Medium confidence — this is where I'm extrapolating beyond what the paper directly supports as a prompting strategy:
5. When you notice your hypotheses are converging (e.g., three slight
variations of the same diagnosis), explicitly ask: "Am I mode-collapsing?"
and force at least one hypothesis from a different causal model.
6. Track which hypotheses you'd LOSE if you were forced to give one answer.
Name what information would distinguish between your top hypotheses.
Lower confidence — this is me riffing on the RLCR calibration results, and I'm not sure prompting actually produces calibrated confidence:
7. Your stated confidence should correlate with your actual accuracy. If you
say 0.8, you should be right about 80% of the time on questions like this.
Prefer saying "0.4 — I'm genuinely unsure" over "0.9" when you're pattern-
matching rather than reasoning.
The key finding from the paper is that independent samples repeat the same reasoning tokens, just with slightly different surface forms — and Multi-Answer RL fixes this at the training level. When you prompt a model to give multiple answers, you're still doing the equivalent of independent sampling within a single generation. The model's weights still want to collapse to the mode. You're fighting the training objective with a prompt, which is... possible but lossy.
Jacob Andreas himself notes that RLCR "is far from solving the problem" and there's room to better align external expressions of certainty with internal representations of confidence. So even the trained version has a gap between stated and felt uncertainty.
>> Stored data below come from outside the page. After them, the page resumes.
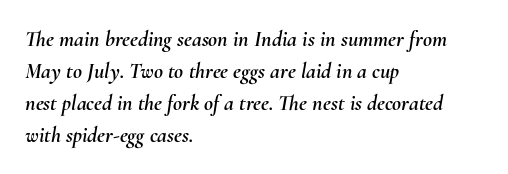
Q: Is the text italic (slanted)? A: Yes, it leans right by about 10 degrees.
Q: Is the text underlined? A: No.
Q: How is the paragraph aligned? A: Left-aligned.
Q: Is the spacing between letters normal or unusually wide? A: Normal.
Q: Is the spacing between lines tight, normal or loose? A: Normal.
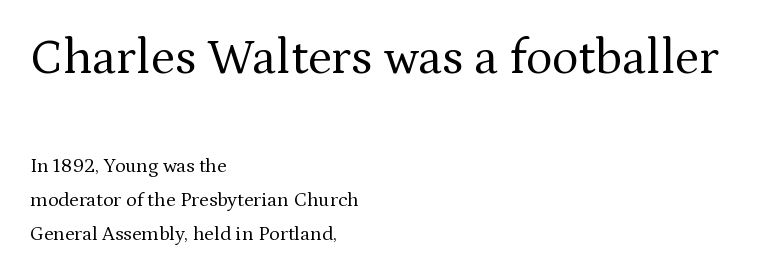
The image shows 50 px regular-weight serif type, upright; set left-aligned, normal line spacing (1.69x), normal letter spacing, not underlined; the first (top) block is 2.5x larger; medium stroke contrast and a medium x-height.
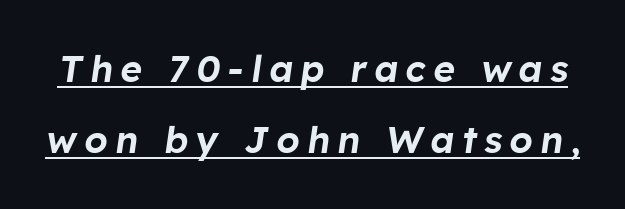
Q: Is the text italic (slanted)? A: Yes, it leans right by about 8 degrees.
Q: Is the text underlined? A: Yes.
Q: Is the spacing between letters normal or unusually wide? A: Unusually wide.
Q: Is the spacing between lines tight, normal or loose? A: Loose.
Q: Width (condensed, normal, or wide)? A: Normal.
Q: Stroke contrast? A: Low.
Q: x-height? A: Medium.
Q: Monospaced? A: No.
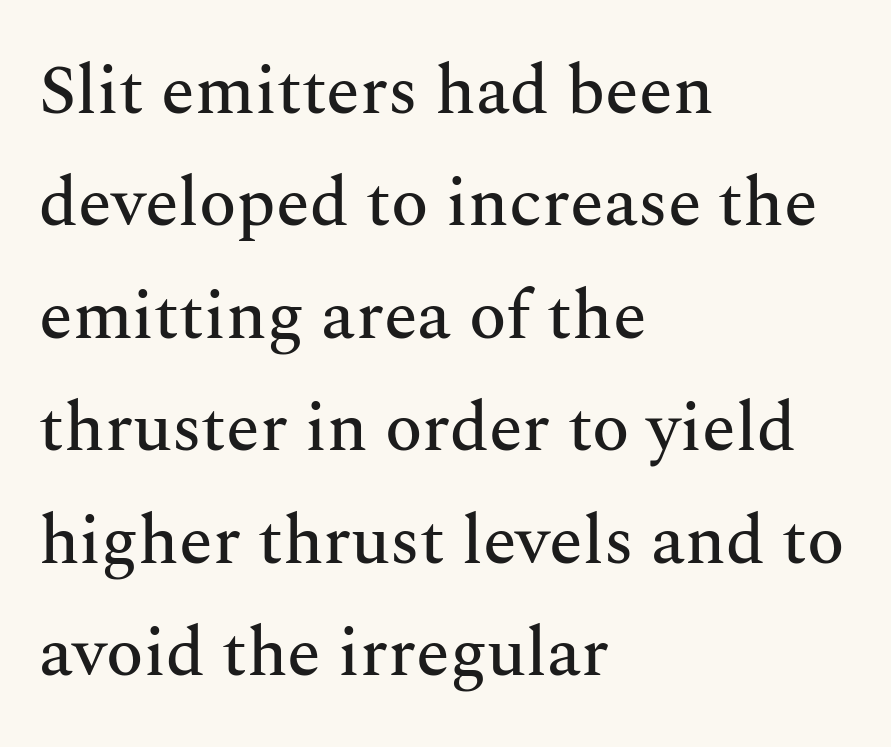
Q: Is the text italic (slanted)? A: No, it is upright.
Q: Is the typeface a serif or a sans-serif typeface? A: Serif.
Q: Is the text underlined? A: No.
Q: How is the paragraph aligned? A: Left-aligned.
Q: Is the spacing between letters normal or unusually wide? A: Normal.
Q: Is the spacing between lines tight, normal or loose? A: Normal.
Q: Width (condensed, normal, or wide)? A: Normal.
Q: Stroke contrast? A: Medium.
Q: x-height? A: Medium.
Q: Monospaced? A: No.
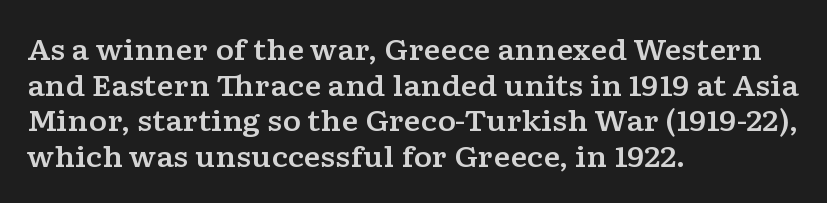
The image shows 28 px wide serif type, upright; set left-aligned, normal line spacing (1.27x), normal letter spacing, not underlined; low stroke contrast and a medium x-height.
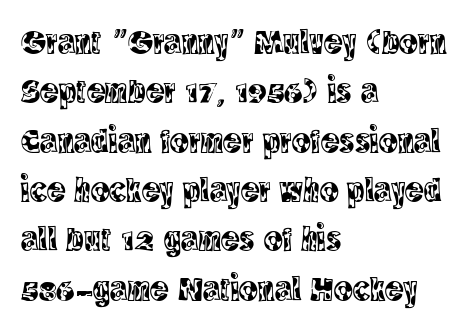
Reading down the block, your eye returns to a fixed left position each line. The type sits square on the baseline with zero lean. I'd call this a serif setting — the letters wear small feet. Only glyphs here, with clear space below each row. Think of a printed novel: that variable character pitch is what you see here.

The prompted version will have a bigger gap.
The thing that actually concerns me: prompting for confidence scores might produce worse calibration than just letting the model answer naturally. There's decent evidence that when you force models to verbalize confidence, they anchor on round numbers and produce overconfident estimates. The RLCR paper works because the Brier score reward jointly optimizes answer correctness and confidence calibration — the model gets penalized for being miscalibrated during training. Your prompted version has no such penalty signal.
Rather than trying to replicate Multi-Answer RL through prompting (which is like trying to replicate weight training through visualization), consider:
Use the structural format (multiple hypotheses + confidence) but don't trust the confidence numbers literally. Treat them as ordinal rankings, not calibrated probabilities.
The biggest win is probably just the "reason across hypotheses jointly" instruction. That's the behavioral change most likely to survive the prompt-vs-training gap.
Pair it with your existing "push back" instruction — the multi-hypothesis framing gives me (Claude) explicit permission to say "actually hypothesis 2 might be stronger than what you assumed."
If you want actual calibration, you'd need to do what RLCR does at inference time: confidence-weighted majority voting across multiple samples — i.e., literally sample me multiple times and aggregate. Which is... expensive but real.
Want me to draft a tighter version of the prompt text that integrates with your existing user preferences? I could also look at what your current instructions are doing and flag where they might conflict with this.